Sie sind seit acht Monaten ein Paar, lieben sich und die Mutter des Mädchens toleriert die Beziehung: Trotzdem musste sich ein heute 25-Jähriger aus dem Landkreis Coburg wegen schweren sexuellen Missbrauchs am Dienstag vor dem Jugendschöffengericht verantworten. Laut Paragraf 176 des Strafgesetzbuches sind sexuelle Handlungen an einer Person unter 14 Jahren grundsätzlich verboten.

Im vorliegenden Fall war das Mädchen, das der Mann vor eineinhalb Jahren in einem Jugendtreff kennengelernt hatte, erst 13 Jahre alt. Im Juni vergangenen Jahres kam es in seiner Wohnung zum Geschlechtsverkehr zwischen dem damals 24-jährigen verheirateten Arbeiter und der jungen Frau. Dies räumte der Mann vor Gericht auch ein. Allerdings seien die Handlungen einvernehmlich gewesen, sagte er aus.

Das Mädchen habe kurz vor ihrem 14. Geburtstag gestanden, als es passiert sei. Inzwischen seien die beiden seit rund acht Monaten liiert.
"Auch die Mutter steht hinter uns", sagte der Mann.


Gemeinsame Zukunft geplant

"Ich bin mit ihr sehr glücklich und ich hoffe, dass es ein gutes und zufriedenes Leben wird", sagte er zudem auf Nachfrage von Richterin Susanne Hinz, wie er sich die Zukunft mit dem Mädchen vorstelle. Von seiner Frau lebe er getrennt, erläuterte er, und wolle sich scheiden lassen.

Im Wesentlichen bestätigte die junge Zeugin, die in Anwesenheit ihrer Mutter und unter Ausschluss der Öffentlichkeit vernommen wurde, die Aussagen des Mannes. Staatsanwalt Michael Imhof würdigte die Umstände der Tat: Schwerer sexueller Missbrauch von Kindern sei einer der schwerwiegendsten Rechtstatbestände, die die Justiz kenne, betonte er. In seinem Plädoyer sagte er allerdings auch: "Es war einvernehmlich, er hat sie nicht überredet, es war auch kein einmaliger Ausrutscher und die beiden sind immer noch zusammen."

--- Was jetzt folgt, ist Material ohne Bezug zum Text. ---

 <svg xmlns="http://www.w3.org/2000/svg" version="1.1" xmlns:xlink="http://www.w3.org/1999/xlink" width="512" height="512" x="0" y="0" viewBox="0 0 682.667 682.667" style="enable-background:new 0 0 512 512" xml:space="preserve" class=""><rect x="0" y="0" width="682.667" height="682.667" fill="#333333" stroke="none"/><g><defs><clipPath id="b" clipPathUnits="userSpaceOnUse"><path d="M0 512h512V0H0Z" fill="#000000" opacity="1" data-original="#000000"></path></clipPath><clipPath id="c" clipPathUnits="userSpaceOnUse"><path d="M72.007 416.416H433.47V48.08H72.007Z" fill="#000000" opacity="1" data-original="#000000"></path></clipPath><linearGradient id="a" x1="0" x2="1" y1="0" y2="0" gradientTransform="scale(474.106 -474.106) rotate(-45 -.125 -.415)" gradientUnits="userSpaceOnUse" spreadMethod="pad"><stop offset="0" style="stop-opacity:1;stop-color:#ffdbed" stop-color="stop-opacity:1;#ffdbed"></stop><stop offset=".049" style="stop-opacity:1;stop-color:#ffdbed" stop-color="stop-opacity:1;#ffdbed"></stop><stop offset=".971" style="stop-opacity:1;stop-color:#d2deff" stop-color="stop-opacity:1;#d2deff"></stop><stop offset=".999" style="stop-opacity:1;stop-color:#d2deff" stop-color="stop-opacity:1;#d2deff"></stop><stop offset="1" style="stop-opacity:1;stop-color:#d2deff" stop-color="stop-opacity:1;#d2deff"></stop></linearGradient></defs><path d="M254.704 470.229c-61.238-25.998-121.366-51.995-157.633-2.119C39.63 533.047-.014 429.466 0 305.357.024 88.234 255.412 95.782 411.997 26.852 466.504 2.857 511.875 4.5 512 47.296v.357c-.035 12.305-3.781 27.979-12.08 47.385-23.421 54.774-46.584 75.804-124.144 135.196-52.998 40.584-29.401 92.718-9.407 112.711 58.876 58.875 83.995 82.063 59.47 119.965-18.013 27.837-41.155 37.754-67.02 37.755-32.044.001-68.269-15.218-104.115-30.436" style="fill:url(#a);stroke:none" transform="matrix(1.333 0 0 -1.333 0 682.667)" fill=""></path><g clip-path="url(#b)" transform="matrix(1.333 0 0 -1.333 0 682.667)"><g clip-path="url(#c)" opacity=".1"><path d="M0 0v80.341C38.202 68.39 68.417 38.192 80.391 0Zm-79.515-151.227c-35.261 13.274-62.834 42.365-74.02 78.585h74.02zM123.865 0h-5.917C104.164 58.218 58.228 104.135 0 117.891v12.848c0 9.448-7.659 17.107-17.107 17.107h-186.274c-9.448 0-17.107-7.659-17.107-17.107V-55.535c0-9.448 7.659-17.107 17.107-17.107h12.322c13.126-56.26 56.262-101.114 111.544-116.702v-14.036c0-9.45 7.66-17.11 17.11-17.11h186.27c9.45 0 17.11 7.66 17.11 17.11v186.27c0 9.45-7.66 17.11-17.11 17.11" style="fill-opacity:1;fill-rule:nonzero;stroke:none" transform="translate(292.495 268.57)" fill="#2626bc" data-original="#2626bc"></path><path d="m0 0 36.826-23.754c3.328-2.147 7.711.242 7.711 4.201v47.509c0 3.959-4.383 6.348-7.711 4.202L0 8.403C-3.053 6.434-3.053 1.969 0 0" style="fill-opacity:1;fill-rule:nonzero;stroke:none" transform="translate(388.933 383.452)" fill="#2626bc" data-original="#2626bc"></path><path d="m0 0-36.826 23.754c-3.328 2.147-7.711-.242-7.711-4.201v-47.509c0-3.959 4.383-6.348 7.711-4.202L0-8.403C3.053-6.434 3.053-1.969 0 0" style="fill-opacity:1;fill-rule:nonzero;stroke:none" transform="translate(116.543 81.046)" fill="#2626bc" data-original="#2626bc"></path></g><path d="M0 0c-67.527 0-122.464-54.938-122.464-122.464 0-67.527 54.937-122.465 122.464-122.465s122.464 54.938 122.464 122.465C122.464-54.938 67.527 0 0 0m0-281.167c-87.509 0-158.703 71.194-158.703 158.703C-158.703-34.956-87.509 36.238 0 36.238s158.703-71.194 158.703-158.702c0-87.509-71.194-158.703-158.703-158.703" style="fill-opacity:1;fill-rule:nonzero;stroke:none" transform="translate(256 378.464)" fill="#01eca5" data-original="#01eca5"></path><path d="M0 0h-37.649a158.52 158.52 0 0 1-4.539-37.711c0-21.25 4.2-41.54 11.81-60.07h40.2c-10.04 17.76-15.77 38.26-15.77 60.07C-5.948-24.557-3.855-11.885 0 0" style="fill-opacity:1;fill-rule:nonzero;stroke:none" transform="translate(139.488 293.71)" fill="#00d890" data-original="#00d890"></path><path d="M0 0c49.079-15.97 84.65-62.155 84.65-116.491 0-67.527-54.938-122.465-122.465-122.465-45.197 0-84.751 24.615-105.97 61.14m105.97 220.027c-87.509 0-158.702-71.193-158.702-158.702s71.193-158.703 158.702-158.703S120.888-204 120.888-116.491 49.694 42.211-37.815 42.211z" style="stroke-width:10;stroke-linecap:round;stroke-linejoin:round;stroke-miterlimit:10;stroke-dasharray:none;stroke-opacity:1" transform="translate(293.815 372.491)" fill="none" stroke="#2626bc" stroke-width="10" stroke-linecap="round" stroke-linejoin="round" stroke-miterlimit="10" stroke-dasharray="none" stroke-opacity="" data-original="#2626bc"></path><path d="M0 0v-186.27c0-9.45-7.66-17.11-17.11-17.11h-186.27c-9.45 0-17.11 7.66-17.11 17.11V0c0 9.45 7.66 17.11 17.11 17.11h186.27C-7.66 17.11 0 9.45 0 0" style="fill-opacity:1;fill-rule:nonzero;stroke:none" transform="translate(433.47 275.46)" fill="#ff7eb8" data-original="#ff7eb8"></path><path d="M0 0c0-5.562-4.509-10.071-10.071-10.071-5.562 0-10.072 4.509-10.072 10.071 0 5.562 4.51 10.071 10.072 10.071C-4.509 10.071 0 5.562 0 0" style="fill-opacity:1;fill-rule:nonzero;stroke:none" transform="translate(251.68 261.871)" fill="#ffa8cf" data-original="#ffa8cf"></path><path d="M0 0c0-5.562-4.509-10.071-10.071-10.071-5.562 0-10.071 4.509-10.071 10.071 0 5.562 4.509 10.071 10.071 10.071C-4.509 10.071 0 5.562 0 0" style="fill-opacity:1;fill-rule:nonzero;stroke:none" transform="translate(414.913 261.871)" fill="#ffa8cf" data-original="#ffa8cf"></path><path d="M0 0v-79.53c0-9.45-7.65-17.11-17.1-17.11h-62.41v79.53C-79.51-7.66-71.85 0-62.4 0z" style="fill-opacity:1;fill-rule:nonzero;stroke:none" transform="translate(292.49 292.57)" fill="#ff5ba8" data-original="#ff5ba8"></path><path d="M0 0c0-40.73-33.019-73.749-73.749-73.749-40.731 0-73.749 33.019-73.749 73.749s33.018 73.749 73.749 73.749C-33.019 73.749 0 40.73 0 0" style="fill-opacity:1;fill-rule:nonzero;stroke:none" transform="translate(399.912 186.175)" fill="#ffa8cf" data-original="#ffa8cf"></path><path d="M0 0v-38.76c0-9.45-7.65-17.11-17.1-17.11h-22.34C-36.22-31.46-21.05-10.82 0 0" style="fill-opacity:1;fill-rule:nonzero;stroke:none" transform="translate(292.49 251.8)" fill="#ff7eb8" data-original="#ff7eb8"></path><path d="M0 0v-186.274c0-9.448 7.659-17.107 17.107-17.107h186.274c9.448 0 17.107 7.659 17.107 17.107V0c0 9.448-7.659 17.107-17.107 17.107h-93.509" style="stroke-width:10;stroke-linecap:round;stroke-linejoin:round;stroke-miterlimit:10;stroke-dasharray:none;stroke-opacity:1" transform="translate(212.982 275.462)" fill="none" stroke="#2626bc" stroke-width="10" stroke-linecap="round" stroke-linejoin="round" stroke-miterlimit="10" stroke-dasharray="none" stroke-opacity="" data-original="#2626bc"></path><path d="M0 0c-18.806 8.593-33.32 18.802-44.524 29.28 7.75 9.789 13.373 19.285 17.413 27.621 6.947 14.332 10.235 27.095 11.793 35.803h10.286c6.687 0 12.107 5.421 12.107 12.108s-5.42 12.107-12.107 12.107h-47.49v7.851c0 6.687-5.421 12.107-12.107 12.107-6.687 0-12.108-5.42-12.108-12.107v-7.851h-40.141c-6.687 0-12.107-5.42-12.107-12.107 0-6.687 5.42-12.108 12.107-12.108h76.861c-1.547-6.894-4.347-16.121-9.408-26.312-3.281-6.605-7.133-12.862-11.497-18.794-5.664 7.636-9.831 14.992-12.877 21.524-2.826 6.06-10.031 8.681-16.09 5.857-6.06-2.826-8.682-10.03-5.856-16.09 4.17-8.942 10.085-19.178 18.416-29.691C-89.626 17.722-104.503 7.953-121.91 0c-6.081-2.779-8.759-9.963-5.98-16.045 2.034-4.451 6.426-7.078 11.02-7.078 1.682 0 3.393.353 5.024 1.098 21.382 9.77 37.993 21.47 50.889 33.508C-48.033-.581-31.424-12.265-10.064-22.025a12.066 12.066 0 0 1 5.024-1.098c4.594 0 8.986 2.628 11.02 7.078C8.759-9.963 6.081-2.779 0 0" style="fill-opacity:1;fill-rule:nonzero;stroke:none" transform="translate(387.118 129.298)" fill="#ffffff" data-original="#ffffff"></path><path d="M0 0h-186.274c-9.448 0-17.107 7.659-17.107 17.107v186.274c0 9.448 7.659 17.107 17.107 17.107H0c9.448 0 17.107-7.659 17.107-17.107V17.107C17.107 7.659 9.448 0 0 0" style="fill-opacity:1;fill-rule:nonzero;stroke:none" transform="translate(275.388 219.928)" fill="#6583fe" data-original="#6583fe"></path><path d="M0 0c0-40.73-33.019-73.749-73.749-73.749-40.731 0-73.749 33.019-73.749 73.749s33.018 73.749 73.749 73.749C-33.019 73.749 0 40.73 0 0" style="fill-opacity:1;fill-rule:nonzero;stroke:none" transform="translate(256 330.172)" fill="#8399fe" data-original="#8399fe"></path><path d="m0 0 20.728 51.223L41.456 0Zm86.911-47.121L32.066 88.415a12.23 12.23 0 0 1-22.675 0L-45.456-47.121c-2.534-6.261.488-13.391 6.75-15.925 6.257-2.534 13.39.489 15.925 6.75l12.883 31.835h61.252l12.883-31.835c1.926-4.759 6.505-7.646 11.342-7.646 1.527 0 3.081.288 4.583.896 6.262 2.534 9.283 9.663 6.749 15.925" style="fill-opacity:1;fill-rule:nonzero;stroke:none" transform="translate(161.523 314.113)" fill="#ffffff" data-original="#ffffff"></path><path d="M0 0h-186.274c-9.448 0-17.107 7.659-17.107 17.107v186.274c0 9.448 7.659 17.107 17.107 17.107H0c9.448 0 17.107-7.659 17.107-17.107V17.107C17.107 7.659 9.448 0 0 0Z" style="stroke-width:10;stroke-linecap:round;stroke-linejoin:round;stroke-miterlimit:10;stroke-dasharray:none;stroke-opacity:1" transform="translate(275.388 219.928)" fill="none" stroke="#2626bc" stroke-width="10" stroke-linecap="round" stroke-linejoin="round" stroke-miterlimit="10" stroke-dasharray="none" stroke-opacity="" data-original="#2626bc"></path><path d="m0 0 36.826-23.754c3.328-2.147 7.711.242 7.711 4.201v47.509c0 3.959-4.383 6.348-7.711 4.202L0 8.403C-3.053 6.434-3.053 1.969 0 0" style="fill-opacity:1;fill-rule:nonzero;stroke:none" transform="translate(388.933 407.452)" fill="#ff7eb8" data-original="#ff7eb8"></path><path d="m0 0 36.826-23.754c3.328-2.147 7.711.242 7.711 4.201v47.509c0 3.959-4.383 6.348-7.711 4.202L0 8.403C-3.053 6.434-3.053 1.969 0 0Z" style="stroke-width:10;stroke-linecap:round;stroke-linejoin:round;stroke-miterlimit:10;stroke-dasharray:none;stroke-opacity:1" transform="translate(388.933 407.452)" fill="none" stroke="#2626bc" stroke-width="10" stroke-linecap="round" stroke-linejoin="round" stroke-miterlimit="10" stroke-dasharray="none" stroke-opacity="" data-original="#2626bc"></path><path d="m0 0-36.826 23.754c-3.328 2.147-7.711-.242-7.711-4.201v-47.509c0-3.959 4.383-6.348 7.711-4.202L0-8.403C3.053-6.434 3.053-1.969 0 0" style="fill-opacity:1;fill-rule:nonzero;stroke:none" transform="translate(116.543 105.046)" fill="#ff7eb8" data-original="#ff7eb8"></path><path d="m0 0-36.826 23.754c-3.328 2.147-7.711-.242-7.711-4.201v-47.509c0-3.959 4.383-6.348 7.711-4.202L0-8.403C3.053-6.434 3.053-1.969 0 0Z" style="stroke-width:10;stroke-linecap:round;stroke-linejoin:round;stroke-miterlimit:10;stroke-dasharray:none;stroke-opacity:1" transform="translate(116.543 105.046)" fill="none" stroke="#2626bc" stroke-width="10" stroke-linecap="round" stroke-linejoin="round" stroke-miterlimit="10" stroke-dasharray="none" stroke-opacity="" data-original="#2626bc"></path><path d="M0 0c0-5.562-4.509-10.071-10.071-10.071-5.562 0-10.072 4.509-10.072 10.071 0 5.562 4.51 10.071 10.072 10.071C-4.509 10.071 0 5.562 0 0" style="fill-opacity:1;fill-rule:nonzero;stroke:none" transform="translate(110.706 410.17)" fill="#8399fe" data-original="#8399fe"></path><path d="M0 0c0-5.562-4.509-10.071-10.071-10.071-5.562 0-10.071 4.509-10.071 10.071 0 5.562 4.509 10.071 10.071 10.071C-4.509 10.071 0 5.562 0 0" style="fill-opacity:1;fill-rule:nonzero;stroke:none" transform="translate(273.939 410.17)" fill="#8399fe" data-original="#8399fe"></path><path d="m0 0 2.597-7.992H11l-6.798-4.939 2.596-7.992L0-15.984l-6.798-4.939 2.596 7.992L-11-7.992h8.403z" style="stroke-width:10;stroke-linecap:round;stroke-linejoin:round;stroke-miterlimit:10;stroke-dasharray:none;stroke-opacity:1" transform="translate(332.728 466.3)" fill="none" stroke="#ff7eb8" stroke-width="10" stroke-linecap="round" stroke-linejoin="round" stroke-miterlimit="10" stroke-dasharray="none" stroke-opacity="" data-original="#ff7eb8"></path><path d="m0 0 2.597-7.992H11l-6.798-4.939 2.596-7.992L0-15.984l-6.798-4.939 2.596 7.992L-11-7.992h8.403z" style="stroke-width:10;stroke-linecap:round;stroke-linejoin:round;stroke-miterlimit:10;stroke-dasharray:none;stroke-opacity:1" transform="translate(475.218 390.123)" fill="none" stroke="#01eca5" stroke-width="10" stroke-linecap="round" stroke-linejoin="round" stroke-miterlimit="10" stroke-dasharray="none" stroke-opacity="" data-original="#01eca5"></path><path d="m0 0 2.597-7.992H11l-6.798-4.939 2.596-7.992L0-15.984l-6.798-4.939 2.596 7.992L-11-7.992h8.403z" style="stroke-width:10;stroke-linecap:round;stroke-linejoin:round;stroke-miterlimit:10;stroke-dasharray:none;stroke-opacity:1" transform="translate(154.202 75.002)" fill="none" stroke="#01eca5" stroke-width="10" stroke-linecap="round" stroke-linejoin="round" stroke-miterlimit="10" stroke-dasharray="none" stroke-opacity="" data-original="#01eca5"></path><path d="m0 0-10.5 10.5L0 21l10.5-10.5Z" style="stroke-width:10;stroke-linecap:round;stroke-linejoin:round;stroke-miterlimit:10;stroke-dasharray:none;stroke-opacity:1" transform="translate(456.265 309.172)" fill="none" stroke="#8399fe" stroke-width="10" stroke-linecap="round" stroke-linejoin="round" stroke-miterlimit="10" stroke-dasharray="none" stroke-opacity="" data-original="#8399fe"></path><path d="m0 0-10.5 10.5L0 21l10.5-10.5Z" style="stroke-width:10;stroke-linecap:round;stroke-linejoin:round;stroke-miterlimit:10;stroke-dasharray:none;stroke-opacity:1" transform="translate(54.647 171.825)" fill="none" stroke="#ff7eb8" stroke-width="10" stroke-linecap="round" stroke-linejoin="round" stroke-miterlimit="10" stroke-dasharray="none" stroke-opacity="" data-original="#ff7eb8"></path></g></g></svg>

Deshalb ging Imhof von einem minderschweren Fall aus. Er forderte eine Strafe von einem Jahr und zehn Monaten zur Bewährung sowie eine Geldauflage in Höhe von 500 Euro für einen gemeinnützigen Zweck.
"Sie haben ein bisschen tief in die Tasche gegriffen", sagte dazu der Verteidiger des Angeklagten und plädierte, das Urteil auf ein Jahr zur Bewährung auszusetzen. Imhoff stimmte allerdings mit den Beobachtungen des Staatsanwaltes überein: Beide erklärten, dass die junge Frau einen reifen Eindruck mache, während der Angeklagte mit seinen 25 Jahren noch recht kindlich wirke. "Sie hat einen Persönlichkeitsvorsprung", sagte der Verteidiger.


Minderschwerer Fall

Das Mädchen habe die Einvernehmlichkeit bestätigt, erklärte auch die Richterin bei der Urteilsverkündung. Aus diesem Grund handele es sich um einen minderschweren Fall, der mit einem Jahr und sechs Monaten zur Bewährung und einer Geldstrafe von 500 Euro geahndet werde. Da der junge Mann auch nicht vorbestraft sei, gehe sie davon aus, dass "das nicht mehr vorkommt." Allerdings kritisierte sie die Äußerungen von der "Reife" der jungen Frau: "Ich mag es nicht, wenn man von ,äußerlich schon stark entwickelt‘ spricht", sagte sie, "weil man die innere Reife betrachten muss."

Geschlechtsverkehr mit Kindern unter 14 Jahren sei grundsätzlich strafbar, erklärte Hinz, "schon allein um Jugendliche vor übereilten Handlungen zu schützen." Das Urteil ist rechtskräftig.